Может быть, и в его башке мелькали мысли о том, что прежнее рвение теперь уже не имеет особого смысла и вообще, того и гляди, придется драпать и прятаться от мести; что он избрал не самую лучшую профессию, а истязания людей явно себя не оправдывают и что, чем большее усердие он проявляет, чем больше выслуживается, тем падение будет ощутимее. Я бы многое дал, чтобы прочесть мысли этого индивидуума. Ведь он был совершенно новым для меня видом Homo Sapiens, рожденным в Европе в двадцатом веке, после стольких столетий терпимости, когда орудия пыток стали лишь экспонатами музеев. Я и сам всего несколько лет назад рассматривал их там вместе с отцом, испытывая дрожь от любопытства и ужаса, но это не касалось нас, европейцев двадцатого века, наследников девятнадцативековой надежды.
Мы спускались по лестнице первыми, он, верный своему профессиональному инстинкту, шел позади, и я не мог отогнать от себя мысли, что вот сейчас он вдруг накинется на меня сзади и потащит в камеру пыток. Ничего такого не произошло, он не искал жертв в доме, где жил. На улице соседи снова пролаяли друг другу «Хейтлер!» и мы с Густликом уселись в маленький «оппель-кадет», а сосед Густлика потащился выполнять свои тяжелые обязанности пешком. Конечно, я не сказал Густлику, куда еду, и только попросил его подвезти меня к парку Дрешера, откуда мне было уже рукой подать. Мы бодро проезжали мимо постов, патрулей и укреплений, опоясывающих район. Если кто-нибудь и заглядывал в «оппель», мундир Густлика делал свое дело. Близился комендантский час, и люди торопились добраться до дома; пронзительно звенели набитые битком трамваи, быстро скользили рикши.
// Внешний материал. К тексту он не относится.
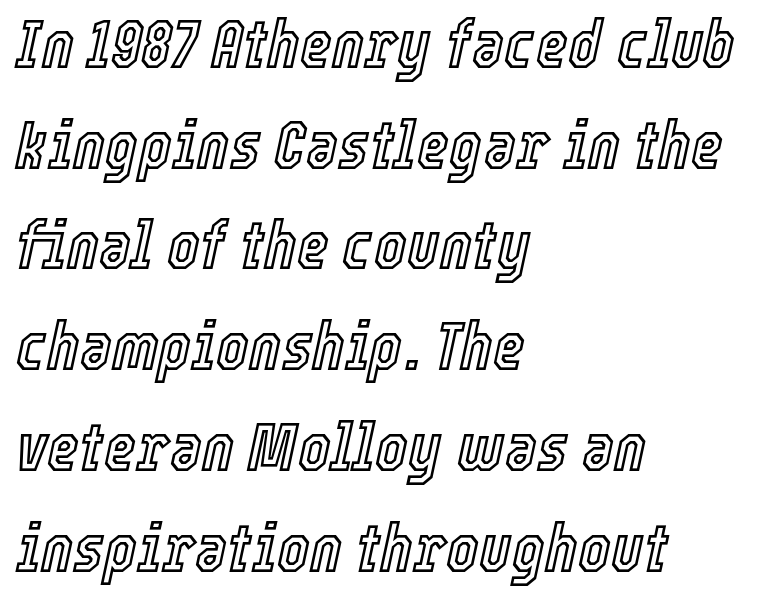
The image shows 69 px condensed type, italic (leaning right); set left-aligned, normal line spacing (1.46x), normal letter spacing, not underlined; a medium x-height.
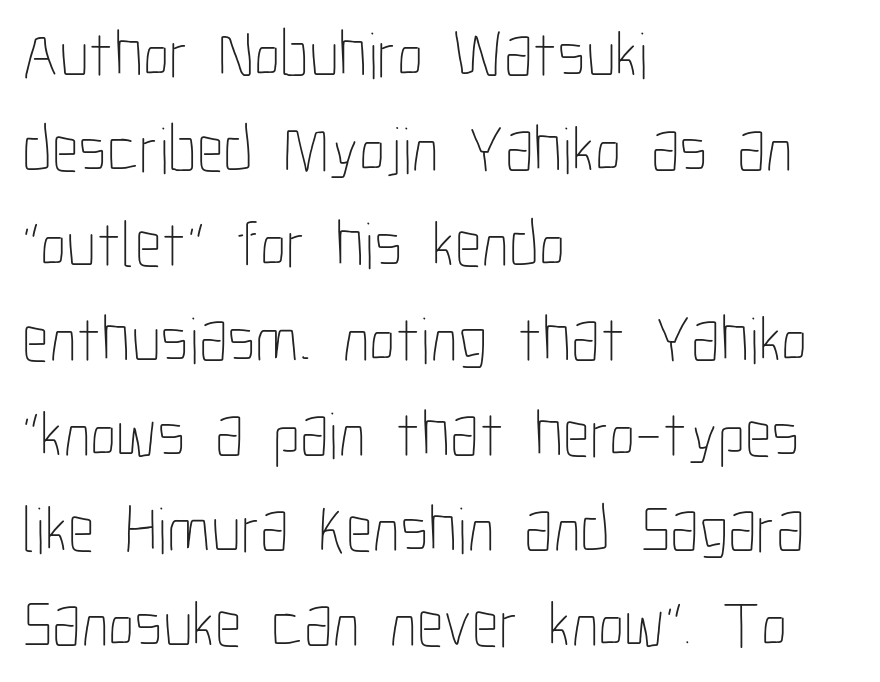
Q: Is the text bold? A: No.
Q: Is the text italic (slanted)? A: No, it is upright.
Q: Is the text underlined? A: No.
Q: How is the paragraph aligned? A: Left-aligned.
Q: Is the spacing between letters normal or unusually wide? A: Normal.
Q: Is the spacing between lines tight, normal or loose? A: Normal.
Q: Width (condensed, normal, or wide)? A: Condensed.
Q: Stroke contrast? A: Low.
Q: x-height? A: Medium.
Q: Monospaced? A: No.
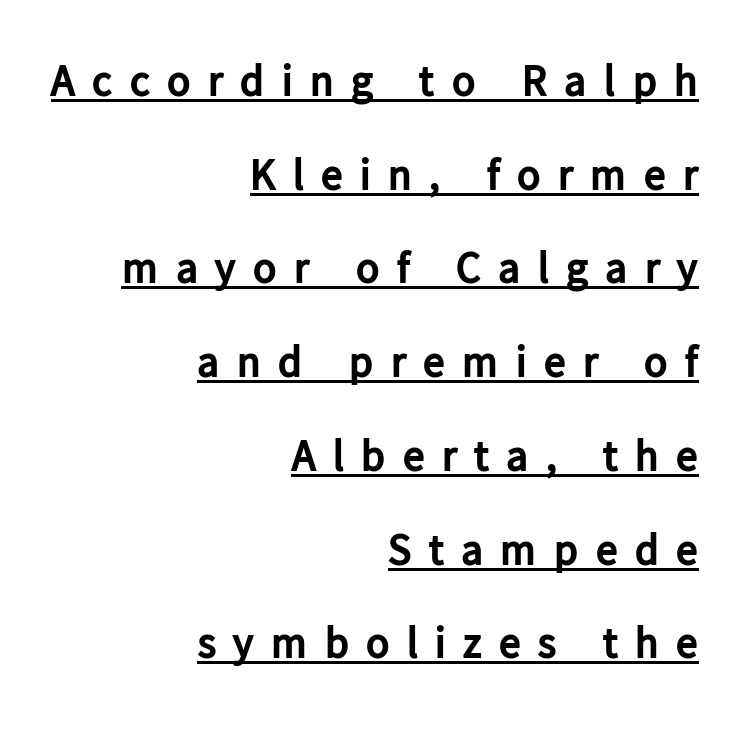
Q: Is the text bold? A: Yes.
Q: Is the text italic (slanted)? A: No, it is upright.
Q: Is the typeface a serif or a sans-serif typeface? A: Sans-serif.
Q: Is the text underlined? A: Yes.
Q: How is the paragraph aligned? A: Right-aligned.
Q: Is the spacing between letters normal or unusually wide? A: Unusually wide.
Q: Is the spacing between lines tight, normal or loose? A: Loose.
Q: Width (condensed, normal, or wide)? A: Normal.
Q: Stroke contrast? A: Low.
Q: x-height? A: Medium.
Q: Monospaced? A: No.

— Я вчера был в «Палладиуме»,— сказал Густлик.— Смотрел цветной фильм «Купанье в ванне», конечно, «только для немцев». Когда шлюха в фильме поливала всех мыльной водой из ванны, зал гоготал, а я не мог улыбнуться даже тогда, когда она съезжала в ванне с горки.
— Это говорит о том, что у тебя есть настоящее чувство юмора,— утешил я его.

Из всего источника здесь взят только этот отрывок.